Upon their return, Teaching Fellows will serve as ambassadors for The Explorers Club and exploration in the classroom, by hosting local explorers at their schools and creating lesson plans for The Explorers Club based on their experiences. Applications close on January 7, 2026, with the Teaching Fellows decided by early April.

 

To apply:

 

https://tinyurl.com/TECTeachers

 

EXPEDITION INK

2025 National Outdoor Book Awards Announced 

 

A married couple are cast adrift in the Pacific. A twelve-year old boy faces off with bear spray against a lion on a Kenyan game preserve. A woman researching wolves struggles to make her mark in the Montana backcountry.

 

These are some of the story threads running through this year’s crop of winners of the 2025 National Outdoor Book Awards, a non-profit, educational program not associated with any publisher or publishing interest.

 

A total of 17 books were chosen as winners in this year's program which is now in its 29th year. Sponsors of the program include the National Outdoor Book Awards Foundation, Idaho State University and the Association of Outdoor Recreation and Education.

 

The winner of the Outdoor Literature category is A Marriage at Sea by Sophie Elmhirst (Riverhead Books/Penguin Random House, 2025). Elmhirst recounts the true story of Maurice and Maralyn Bailey’s attempt to survive the open Pacific after their sailboat sank.

 

Their life raft was four-and-half feet in diameter, barely enough room for them to sit, much less sleep. They had no radio. The days passed into weeks. Weeks passed into months. To survive they needed all of what little resources they had - and they needed one another.  

 

For a complete list of winners see:

 

https://www.noba-web.org/books25.htm

Murder on the Trail

By Michelle Kaminsky

(Ulysses Press, 2025)

 

Wild places don’t play by human rules. The picturesque facade of the most protected lands in the U.S. conceals a curious and disturbing juxtaposition: this same rugged and breathtaking wilderness is also capable of generating – and hiding – danger, crime, and violence. In national parks, potentially dangerous wild animals and unpredictable weather elements are inherent risks, as are human monsters walking among us. 

 

Author Michelle Kaminsky reports National Park Service (NPS) law enforcement rangers face some of the highest risks of any federal officers. Department of Justice statistics reveal more NPS law enforcement rangers are victims of violent crime than all federal law enforcement officers.

 

Since 1913, forty-one law enforcement rangers have died in the line of duty.

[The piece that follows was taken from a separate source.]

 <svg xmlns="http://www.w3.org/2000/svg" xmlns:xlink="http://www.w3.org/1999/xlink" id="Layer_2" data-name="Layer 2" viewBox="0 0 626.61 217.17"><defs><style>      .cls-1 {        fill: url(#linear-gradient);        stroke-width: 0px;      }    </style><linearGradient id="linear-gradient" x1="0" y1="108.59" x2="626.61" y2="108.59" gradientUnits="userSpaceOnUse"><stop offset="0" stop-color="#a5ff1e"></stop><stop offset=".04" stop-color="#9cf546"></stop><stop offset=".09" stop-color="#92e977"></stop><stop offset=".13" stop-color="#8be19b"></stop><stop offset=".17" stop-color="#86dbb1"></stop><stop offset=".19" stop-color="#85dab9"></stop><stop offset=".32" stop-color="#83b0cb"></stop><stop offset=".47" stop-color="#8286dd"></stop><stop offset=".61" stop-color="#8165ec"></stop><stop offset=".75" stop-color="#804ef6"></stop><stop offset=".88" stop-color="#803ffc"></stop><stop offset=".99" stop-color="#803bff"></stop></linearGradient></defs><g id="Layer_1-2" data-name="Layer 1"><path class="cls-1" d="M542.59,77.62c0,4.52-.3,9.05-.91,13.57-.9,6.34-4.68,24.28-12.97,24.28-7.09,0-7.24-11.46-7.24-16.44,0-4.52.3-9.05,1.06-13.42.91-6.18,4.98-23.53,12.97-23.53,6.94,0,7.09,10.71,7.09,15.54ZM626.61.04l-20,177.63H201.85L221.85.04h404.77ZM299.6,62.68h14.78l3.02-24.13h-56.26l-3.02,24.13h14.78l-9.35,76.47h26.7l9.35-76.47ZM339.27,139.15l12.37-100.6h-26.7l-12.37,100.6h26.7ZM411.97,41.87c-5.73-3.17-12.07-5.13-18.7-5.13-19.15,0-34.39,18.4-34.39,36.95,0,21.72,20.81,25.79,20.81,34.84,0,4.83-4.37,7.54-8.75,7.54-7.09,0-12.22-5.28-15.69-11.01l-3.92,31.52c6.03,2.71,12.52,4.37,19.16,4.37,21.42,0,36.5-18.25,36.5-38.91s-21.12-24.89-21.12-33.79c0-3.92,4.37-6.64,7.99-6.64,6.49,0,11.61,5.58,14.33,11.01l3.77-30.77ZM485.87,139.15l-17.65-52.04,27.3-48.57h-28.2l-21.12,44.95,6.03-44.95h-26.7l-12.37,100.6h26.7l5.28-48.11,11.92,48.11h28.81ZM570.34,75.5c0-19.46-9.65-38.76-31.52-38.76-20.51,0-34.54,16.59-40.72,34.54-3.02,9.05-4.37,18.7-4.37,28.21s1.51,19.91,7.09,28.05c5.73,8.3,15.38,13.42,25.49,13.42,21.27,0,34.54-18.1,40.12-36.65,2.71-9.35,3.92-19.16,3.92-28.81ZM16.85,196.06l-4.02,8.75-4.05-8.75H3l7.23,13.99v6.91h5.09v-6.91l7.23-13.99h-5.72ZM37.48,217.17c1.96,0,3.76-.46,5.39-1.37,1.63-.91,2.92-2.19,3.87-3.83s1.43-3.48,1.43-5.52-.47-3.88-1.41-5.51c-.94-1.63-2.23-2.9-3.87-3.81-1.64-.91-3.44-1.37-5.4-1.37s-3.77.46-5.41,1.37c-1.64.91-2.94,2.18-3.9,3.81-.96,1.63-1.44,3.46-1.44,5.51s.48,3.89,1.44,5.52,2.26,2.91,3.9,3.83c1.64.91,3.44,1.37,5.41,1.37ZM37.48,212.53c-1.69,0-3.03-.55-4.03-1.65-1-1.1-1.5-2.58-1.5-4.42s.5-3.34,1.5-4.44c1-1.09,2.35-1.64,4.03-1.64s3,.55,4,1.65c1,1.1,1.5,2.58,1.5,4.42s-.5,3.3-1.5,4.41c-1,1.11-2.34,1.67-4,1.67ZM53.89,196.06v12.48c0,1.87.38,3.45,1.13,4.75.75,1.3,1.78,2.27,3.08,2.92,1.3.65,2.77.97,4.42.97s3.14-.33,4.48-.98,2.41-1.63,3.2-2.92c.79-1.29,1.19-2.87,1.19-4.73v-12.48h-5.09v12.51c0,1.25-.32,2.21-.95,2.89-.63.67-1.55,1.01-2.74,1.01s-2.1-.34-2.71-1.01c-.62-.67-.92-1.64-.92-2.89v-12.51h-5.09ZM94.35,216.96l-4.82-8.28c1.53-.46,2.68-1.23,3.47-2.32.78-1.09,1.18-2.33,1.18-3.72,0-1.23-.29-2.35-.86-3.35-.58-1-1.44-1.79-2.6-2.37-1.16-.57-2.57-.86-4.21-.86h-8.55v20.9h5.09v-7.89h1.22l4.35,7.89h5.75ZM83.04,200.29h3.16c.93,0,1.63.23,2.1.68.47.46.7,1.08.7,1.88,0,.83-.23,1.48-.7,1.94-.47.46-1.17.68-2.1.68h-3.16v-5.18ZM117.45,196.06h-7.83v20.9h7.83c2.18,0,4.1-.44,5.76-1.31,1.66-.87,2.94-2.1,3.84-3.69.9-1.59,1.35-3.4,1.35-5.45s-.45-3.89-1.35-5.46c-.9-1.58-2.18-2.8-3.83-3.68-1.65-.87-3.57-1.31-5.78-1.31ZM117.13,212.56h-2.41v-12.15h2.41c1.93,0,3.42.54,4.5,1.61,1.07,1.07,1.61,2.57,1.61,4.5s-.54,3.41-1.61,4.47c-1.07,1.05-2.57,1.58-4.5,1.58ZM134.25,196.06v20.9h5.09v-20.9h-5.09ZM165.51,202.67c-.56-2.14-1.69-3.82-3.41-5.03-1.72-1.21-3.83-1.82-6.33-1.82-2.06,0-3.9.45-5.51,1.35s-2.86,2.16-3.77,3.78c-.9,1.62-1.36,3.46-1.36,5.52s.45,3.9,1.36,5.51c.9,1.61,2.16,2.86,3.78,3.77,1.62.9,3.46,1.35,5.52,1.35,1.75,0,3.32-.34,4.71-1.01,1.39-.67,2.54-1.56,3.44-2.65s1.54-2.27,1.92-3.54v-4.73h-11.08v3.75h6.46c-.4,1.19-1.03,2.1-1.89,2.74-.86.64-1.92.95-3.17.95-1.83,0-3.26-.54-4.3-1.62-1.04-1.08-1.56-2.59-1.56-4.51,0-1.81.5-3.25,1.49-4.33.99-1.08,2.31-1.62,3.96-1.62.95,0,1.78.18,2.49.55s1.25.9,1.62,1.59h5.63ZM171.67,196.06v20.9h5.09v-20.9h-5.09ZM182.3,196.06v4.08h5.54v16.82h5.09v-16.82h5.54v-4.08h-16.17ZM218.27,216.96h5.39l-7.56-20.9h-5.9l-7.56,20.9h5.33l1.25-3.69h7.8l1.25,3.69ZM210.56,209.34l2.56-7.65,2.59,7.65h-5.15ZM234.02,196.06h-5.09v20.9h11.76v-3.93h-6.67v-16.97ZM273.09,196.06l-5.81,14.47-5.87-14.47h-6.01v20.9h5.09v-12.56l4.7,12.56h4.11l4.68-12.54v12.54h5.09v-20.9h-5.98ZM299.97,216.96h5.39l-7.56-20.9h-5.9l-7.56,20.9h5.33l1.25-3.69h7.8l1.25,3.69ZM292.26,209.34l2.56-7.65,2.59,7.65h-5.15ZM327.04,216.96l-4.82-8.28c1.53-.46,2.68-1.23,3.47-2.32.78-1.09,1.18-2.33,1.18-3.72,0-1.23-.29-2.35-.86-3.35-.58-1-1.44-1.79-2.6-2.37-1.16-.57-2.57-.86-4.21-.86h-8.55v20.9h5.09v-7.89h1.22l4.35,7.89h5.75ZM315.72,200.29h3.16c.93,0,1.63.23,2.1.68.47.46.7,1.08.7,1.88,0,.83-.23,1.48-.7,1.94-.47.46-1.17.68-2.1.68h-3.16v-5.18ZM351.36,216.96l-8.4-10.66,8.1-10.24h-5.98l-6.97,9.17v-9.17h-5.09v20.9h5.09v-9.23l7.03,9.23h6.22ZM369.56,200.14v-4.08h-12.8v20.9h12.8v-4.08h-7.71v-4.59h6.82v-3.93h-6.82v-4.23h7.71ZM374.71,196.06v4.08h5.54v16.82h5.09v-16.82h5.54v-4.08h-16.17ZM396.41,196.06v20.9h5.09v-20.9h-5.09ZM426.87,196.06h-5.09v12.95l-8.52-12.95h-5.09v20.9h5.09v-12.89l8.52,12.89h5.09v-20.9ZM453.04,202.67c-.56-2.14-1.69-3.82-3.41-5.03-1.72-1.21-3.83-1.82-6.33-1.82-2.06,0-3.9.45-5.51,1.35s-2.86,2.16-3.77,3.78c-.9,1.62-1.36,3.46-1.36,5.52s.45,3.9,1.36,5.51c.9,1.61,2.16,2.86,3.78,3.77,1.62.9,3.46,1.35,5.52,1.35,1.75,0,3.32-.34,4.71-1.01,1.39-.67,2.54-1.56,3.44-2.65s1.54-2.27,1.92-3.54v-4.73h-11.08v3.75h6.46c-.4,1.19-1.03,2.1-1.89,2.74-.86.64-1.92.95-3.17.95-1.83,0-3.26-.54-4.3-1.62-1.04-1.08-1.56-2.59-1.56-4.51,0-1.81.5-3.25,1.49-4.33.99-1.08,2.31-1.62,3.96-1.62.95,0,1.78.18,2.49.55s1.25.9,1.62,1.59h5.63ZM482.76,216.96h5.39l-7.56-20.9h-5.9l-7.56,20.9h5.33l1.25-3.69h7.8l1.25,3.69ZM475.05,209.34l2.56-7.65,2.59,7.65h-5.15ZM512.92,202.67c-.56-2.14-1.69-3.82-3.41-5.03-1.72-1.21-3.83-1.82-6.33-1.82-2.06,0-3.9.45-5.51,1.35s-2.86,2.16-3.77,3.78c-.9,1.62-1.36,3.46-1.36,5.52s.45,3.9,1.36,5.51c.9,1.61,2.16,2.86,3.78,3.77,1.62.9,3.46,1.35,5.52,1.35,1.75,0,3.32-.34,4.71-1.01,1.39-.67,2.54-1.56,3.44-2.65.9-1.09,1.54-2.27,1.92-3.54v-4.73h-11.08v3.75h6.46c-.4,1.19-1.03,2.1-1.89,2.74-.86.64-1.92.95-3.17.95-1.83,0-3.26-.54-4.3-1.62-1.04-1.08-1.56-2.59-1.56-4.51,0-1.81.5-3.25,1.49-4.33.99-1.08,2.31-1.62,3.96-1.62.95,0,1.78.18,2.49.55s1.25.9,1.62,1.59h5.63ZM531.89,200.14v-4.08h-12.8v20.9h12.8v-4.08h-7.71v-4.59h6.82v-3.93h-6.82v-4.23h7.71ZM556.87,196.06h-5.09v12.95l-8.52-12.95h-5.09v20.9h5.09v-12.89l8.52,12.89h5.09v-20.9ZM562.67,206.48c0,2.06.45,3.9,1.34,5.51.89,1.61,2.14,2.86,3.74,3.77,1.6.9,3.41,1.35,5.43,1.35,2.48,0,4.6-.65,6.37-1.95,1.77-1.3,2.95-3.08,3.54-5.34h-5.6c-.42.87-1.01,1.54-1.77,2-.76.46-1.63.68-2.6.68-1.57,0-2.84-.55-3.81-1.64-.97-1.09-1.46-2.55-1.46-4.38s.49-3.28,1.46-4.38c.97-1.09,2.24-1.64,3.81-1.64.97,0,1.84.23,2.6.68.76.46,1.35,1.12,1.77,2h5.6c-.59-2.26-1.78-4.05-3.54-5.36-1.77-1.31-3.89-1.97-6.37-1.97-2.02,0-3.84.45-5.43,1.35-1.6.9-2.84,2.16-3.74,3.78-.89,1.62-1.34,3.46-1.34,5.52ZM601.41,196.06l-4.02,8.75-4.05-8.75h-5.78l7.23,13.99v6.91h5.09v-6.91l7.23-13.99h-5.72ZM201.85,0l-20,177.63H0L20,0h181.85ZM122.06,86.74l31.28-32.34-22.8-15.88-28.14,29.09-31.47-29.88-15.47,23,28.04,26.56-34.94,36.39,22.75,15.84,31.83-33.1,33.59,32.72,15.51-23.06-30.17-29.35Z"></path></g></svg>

These sobering statistics reflect the unique dangers of policing vast, remote areas, where backup may be hours away and communication with headquarters can be impossible. 

  

Kaminsky pulls back the curtain on the all-too-real dangers that unfold where we least expect them as she traces chilling stories that happened far from city lights and closer to the edge of the map, cases that reveal how thin the line can be between adventure and catastrophe.

 

For more information:

 

https://tinyurl.com/murderontrail

 

WEB WATCH

Photo on left (l-r): Seumas, the Chief of Clannfhearghuis of Strachur, Argyll, Scotland; Kon-Tiki crewmember Herman Watzinger along with Thor Heyerdahl; and Peter Freuchen. The globe was donated to the Club by the Chief in 1935; the photo was taken in 1947.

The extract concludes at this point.